Why don't infinite polynomials count? –  BlueRaja - Danny Pflughoeft Aug 2 '10 at 20:47
    
@BlueRaja: Because I am interested in what type of loss there is when considering only polynomials (which is what's done in algebraic geometry). I also don't want to worry about issues of convergence, and the theory of Taylor series is pretty well developed. –  Eric O. Korman Aug 2 '10 at 21:01

2 Answers 2

Since I can't leave comments I'm writing this here. I think this question is made difficult by the condition that $\phi$ is just required homeomorphism versus say a diffeomorphism.

In the case n = 1 you can certainly come up with continuous functions that are not differentiable on a discrete set but can be pulled back to yield a polynomial. As a baby example consider the function $f$ that is $\sqrt{x}$ on the positive reals and x on the negative reals. Consider the homeomorphism that is $x^2$ on the positive reals and x on the negative reals, then $f$ pulls back to the polynomial $x$.

I don't think its sufficient that $f$ doesn't attain the same value infinitely many times. I don't have a counterexample but I think a candidate might be contained in this article. The gist is that there are functions everywhere continuous and strictly monotonic but with derivative 0 almost everywhere.

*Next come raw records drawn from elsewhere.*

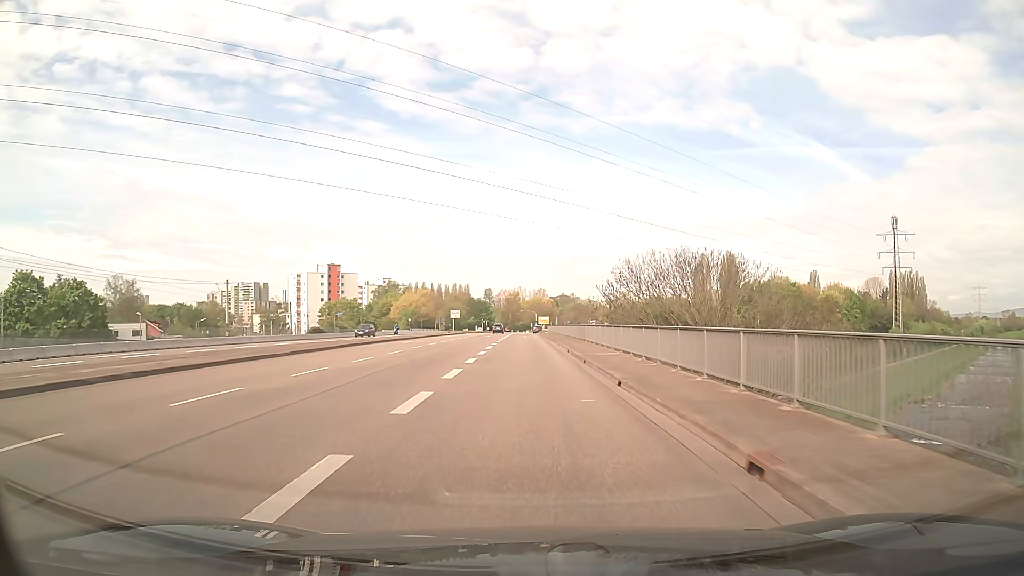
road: secondary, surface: asphalt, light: Day
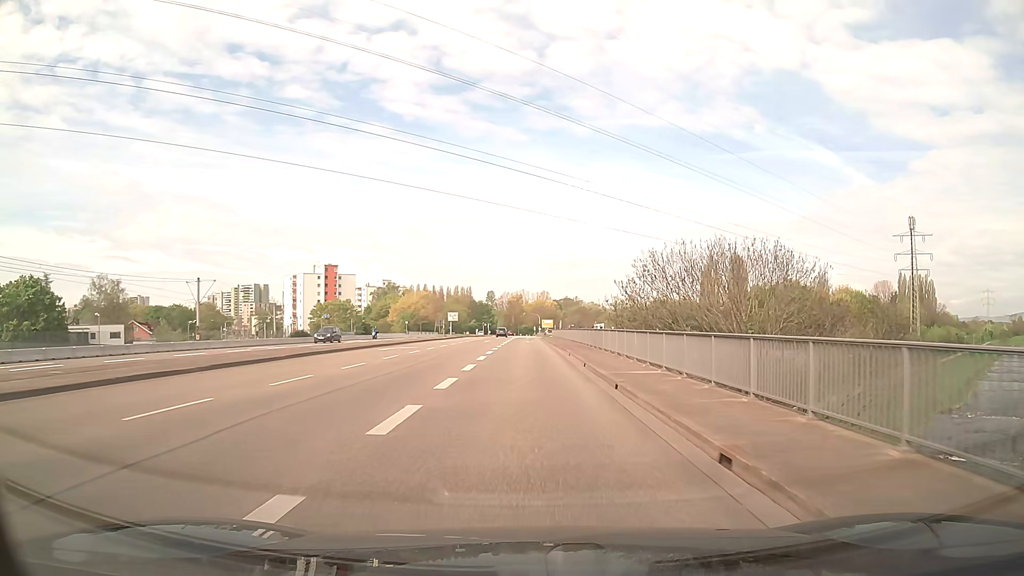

I think you'd have more luck using the implicit function theorem if you required $\phi$ to be a diffeomorphism. Also I believe its true that 'most' continuous function from $\mathbb{R} \to \mathbb{R}$ are not very nice (nonwhere differential) so a more tractable question might be the same question but requiring $f$ to be smooth.

If you replace $\mathbb{R}$ with $\mathbb{C}$ and impose $f$ and $\phi$ both be holomorphic then I think it suffices that $f^{(n)}$ vanish for all sufficiently large $n$ because you can recover $f$ from its taylor series.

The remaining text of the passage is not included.